> **Problem to work on**
Return only this: the line with "21.867C7.053 23.785 9.768" and all the lines that follow it below, through the final one, exactly as they are.

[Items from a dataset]
┄┄┄┄┄┄┄┄┄┄┄┄┄┄┄┄┄┄┄┄

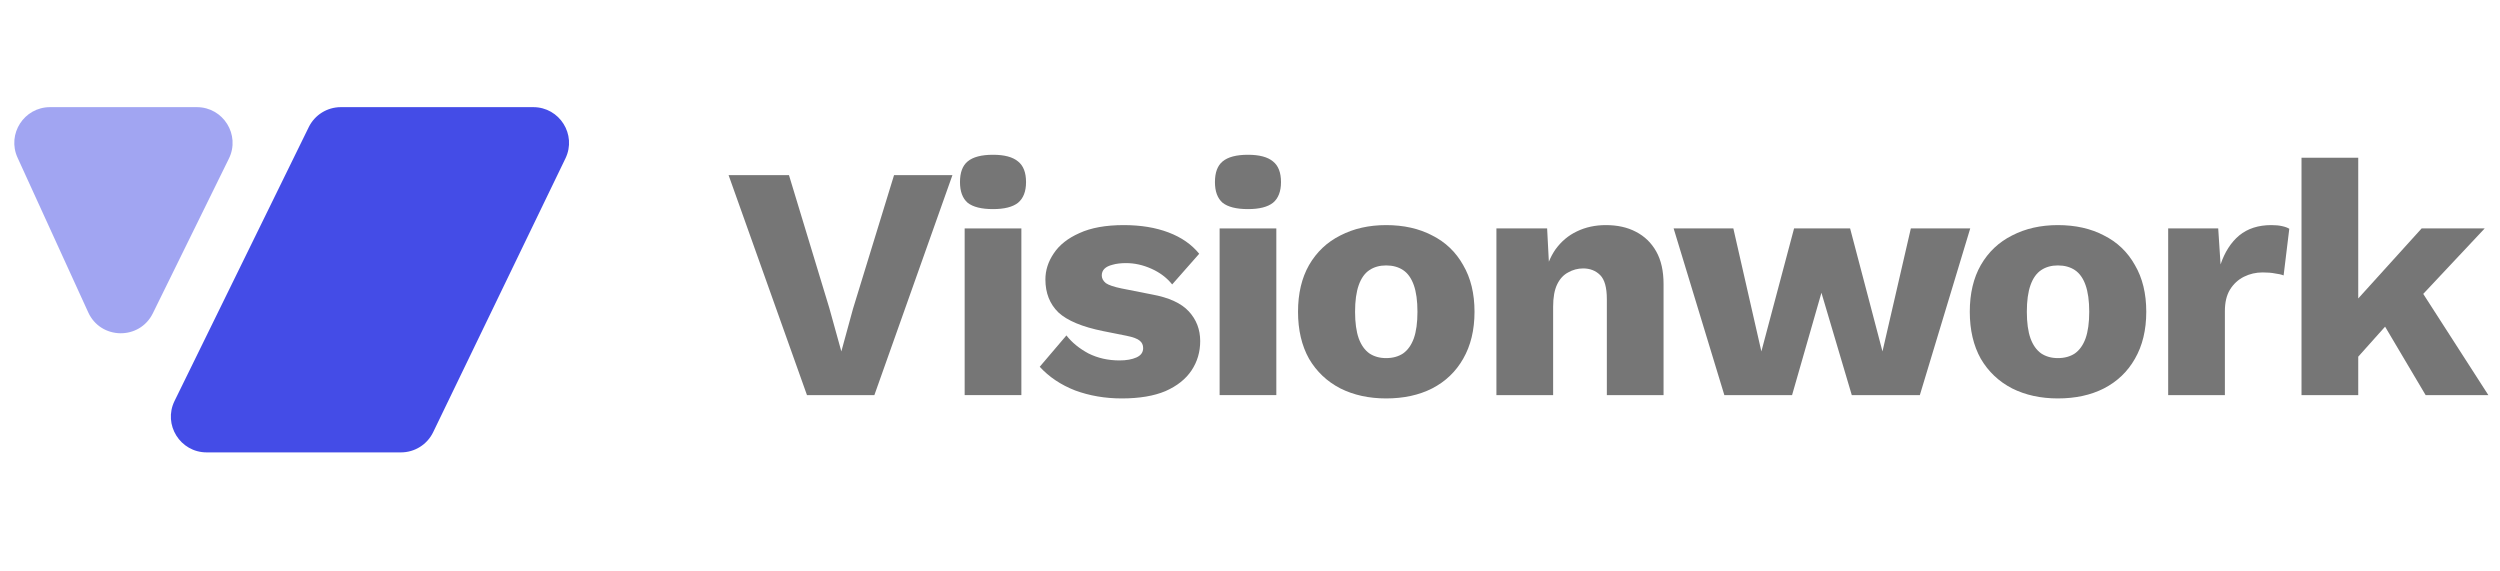 <svg width="175" height="40" viewBox="0 0 175 40" fill="none" xmlns="http://www.w3.org/2000/svg">
<path d="M67.736 14.194C68.109 14.489 68.701 14.637 69.511 14.637C70.305 14.637 70.889 14.489 71.262 14.194C71.636 13.882 71.823 13.4 71.823 12.747C71.823 12.078 71.636 11.596 71.262 11.3C70.889 10.989 70.305 10.834 69.511 10.834C68.701 10.834 68.109 10.989 67.736 11.3C67.378 11.596 67.199 12.078 67.199 12.747C67.199 13.4 67.378 13.882 67.736 14.194Z" fill="#767676"/>
<path d="M61.206 27.657L66.671 12.257H62.584L59.711 21.613L58.894 24.6L58.053 21.567L55.227 12.257H51L56.488 27.657H61.206Z" fill="#767676"/>
<path d="M78.526 27.89C77.358 27.89 76.268 27.703 75.256 27.33C74.26 26.941 73.435 26.389 72.781 25.674L74.649 23.48C75.038 23.978 75.552 24.398 76.19 24.74C76.844 25.067 77.568 25.23 78.362 25.23C78.845 25.23 79.242 25.16 79.553 25.02C79.865 24.88 80.02 24.662 80.02 24.367C80.02 24.149 79.942 23.978 79.787 23.854C79.631 23.713 79.32 23.597 78.853 23.503L77.218 23.177C75.754 22.881 74.711 22.446 74.088 21.87C73.481 21.279 73.178 20.509 73.178 19.56C73.178 18.922 73.372 18.316 73.761 17.74C74.151 17.149 74.75 16.675 75.56 16.317C76.369 15.944 77.405 15.757 78.666 15.757C79.849 15.757 80.892 15.928 81.795 16.27C82.698 16.612 83.415 17.11 83.944 17.764L82.052 19.91C81.678 19.444 81.196 19.078 80.604 18.814C80.013 18.549 79.421 18.417 78.829 18.417C78.456 18.417 78.136 18.456 77.872 18.534C77.623 18.596 77.436 18.689 77.311 18.814C77.187 18.938 77.124 19.093 77.124 19.28C77.124 19.482 77.218 19.661 77.405 19.817C77.607 19.957 77.973 20.081 78.502 20.19L80.628 20.61C81.826 20.828 82.691 21.225 83.22 21.8C83.749 22.376 84.014 23.068 84.014 23.877C84.014 24.639 83.811 25.323 83.407 25.93C83.002 26.537 82.395 27.019 81.585 27.377C80.775 27.719 79.756 27.89 78.526 27.89Z" fill="#767676"/>
<path d="M85.583 14.194C85.957 14.489 86.549 14.637 87.358 14.637C88.152 14.637 88.736 14.489 89.11 14.194C89.483 13.882 89.67 13.4 89.67 12.747C89.67 12.078 89.483 11.596 89.11 11.3C88.736 10.989 88.152 10.834 87.358 10.834C86.549 10.834 85.957 10.989 85.583 11.3C85.225 11.596 85.046 12.078 85.046 12.747C85.046 13.4 85.225 13.882 85.583 14.194Z" fill="#767676"/>
<path fill-rule="evenodd" clip-rule="evenodd" d="M97.027 15.757C98.257 15.757 99.331 15.998 100.25 16.48C101.184 16.947 101.908 17.639 102.422 18.557C102.951 19.459 103.216 20.548 103.216 21.823C103.216 23.099 102.951 24.196 102.422 25.113C101.908 26.016 101.184 26.708 100.25 27.19C99.331 27.657 98.257 27.89 97.027 27.89C95.828 27.89 94.762 27.657 93.828 27.19C92.894 26.708 92.162 26.016 91.632 25.113C91.119 24.196 90.862 23.099 90.862 21.823C90.862 20.548 91.119 19.459 91.632 18.557C92.162 17.639 92.894 16.947 93.828 16.48C94.762 15.998 95.828 15.757 97.027 15.757ZM97.027 18.58C96.576 18.58 96.186 18.689 95.859 18.907C95.532 19.125 95.283 19.475 95.112 19.957C94.941 20.439 94.855 21.061 94.855 21.823C94.855 22.586 94.941 23.208 95.112 23.69C95.283 24.157 95.532 24.507 95.859 24.74C96.186 24.958 96.576 25.067 97.027 25.067C97.494 25.067 97.891 24.958 98.218 24.74C98.545 24.507 98.794 24.157 98.966 23.69C99.137 23.208 99.222 22.586 99.222 21.823C99.222 21.061 99.137 20.439 98.966 19.957C98.794 19.475 98.545 19.125 98.218 18.907C97.891 18.689 97.494 18.58 97.027 18.58Z" fill="#767676"/>
<path d="M108.42 18.319L108.299 15.99H104.749V27.657H108.719V21.474C108.719 20.82 108.812 20.299 108.999 19.91C109.186 19.521 109.443 19.241 109.77 19.07C110.097 18.884 110.447 18.79 110.821 18.79C111.303 18.79 111.7 18.946 112.012 19.257C112.323 19.568 112.479 20.128 112.479 20.937V27.657H116.449V19.887C116.449 18.969 116.278 18.207 115.935 17.6C115.593 16.994 115.118 16.535 114.511 16.224C113.919 15.912 113.218 15.757 112.409 15.757C111.661 15.757 110.984 15.905 110.377 16.2C109.785 16.48 109.287 16.9 108.882 17.46C108.704 17.717 108.55 18.003 108.42 18.319Z" fill="#767676"/>
<path d="M131.774 24.6L133.759 15.99H137.916L134.389 27.657H129.625L127.5 20.494L125.445 27.657H120.704L117.154 15.99H121.334L123.296 24.6L125.585 15.99H129.508L131.774 24.6Z" fill="#767676"/>
<path fill-rule="evenodd" clip-rule="evenodd" d="M147.273 16.48C146.355 15.998 145.281 15.757 144.051 15.757C142.852 15.757 141.785 15.998 140.851 16.48C139.917 16.947 139.185 17.639 138.656 18.557C138.142 19.459 137.885 20.548 137.885 21.823C137.885 23.099 138.142 24.196 138.656 25.113C139.185 26.016 139.917 26.708 140.851 27.19C141.785 27.657 142.852 27.89 144.051 27.89C145.281 27.89 146.355 27.657 147.273 27.19C148.208 26.708 148.932 26.016 149.445 25.113C149.975 24.196 150.239 23.099 150.239 21.823C150.239 20.548 149.975 19.459 149.445 18.557C148.932 17.639 148.208 16.947 147.273 16.48ZM142.883 18.907C143.21 18.689 143.599 18.58 144.051 18.58C144.518 18.58 144.915 18.689 145.242 18.907C145.569 19.125 145.818 19.475 145.989 19.957C146.16 20.439 146.246 21.061 146.246 21.823C146.246 22.586 146.16 23.208 145.989 23.69C145.818 24.157 145.569 24.507 145.242 24.74C144.915 24.958 144.518 25.067 144.051 25.067C143.599 25.067 143.21 24.958 142.883 24.74C142.556 24.507 142.307 24.157 142.136 23.69C141.964 23.208 141.879 22.586 141.879 21.823C141.879 21.061 141.964 20.439 142.136 19.957C142.307 19.475 142.556 19.125 142.883 18.907Z" fill="#767676"/>
<path d="M156.093 20.284C155.859 20.672 155.742 21.17 155.742 21.777V27.657H151.772V15.99H155.275L155.439 18.51C155.735 17.639 156.171 16.962 156.747 16.48C157.338 15.998 158.086 15.757 158.989 15.757C159.284 15.757 159.533 15.78 159.736 15.827C159.954 15.873 160.125 15.936 160.25 16.014L159.853 19.28C159.697 19.218 159.495 19.171 159.245 19.14C159.012 19.093 158.724 19.07 158.381 19.07C157.914 19.07 157.478 19.171 157.074 19.373C156.669 19.576 156.342 19.879 156.093 20.284Z" fill="#767676"/>
<path d="M169.627 20.573L173.928 15.99H169.514L165.077 20.892V11.043H161.106V27.657H165.077V24.967L166.956 22.866L169.794 27.657H174.185L169.627 20.573Z" fill="#767676"/>
<path d="M71.496 27.657V15.99H67.526V27.657H71.496Z" fill="#767676"/>
<path d="M89.343 27.657V15.99H85.373V27.657H89.343Z" fill="#767676"/>
<path d="M30.321 30.254C29.903 31.118 29.028 31.667 28.067 31.667H14.466C12.615 31.667 11.404 29.728 12.218 28.067L21.612 8.901C22.032 8.043 22.904 7.5 23.859 7.5L37.328 7.5C39.173 7.5 40.384 9.427 39.582 11.087L30.321 30.254Z" fill="#444CE7"/>
<path opacity="0.5" d="M6.177 21.867C7.053 23.785 9.768 23.824 10.699 21.931L16.023 11.102C16.84 9.441 15.63 7.5 13.777 7.5L3.505 7.5C1.684 7.5 0.472 9.383 1.229 11.038L6.177 21.867Z" fill="#444CE7"/>
</svg>

┄┄┄┄┄┄┄┄┄┄┄┄┄┄┄┄┄┄┄┄

> **Output for this exercise**
<path opacity="0.5" d="M6.177 21.867C7.053 23.785 9.768 23.824 10.699 21.931L16.023 11.102C16.84 9.441 15.63 7.5 13.777 7.5L3.505 7.5C1.684 7.5 0.472 9.383 1.229 11.038L6.177 21.867Z" fill="#444CE7"/>
</svg>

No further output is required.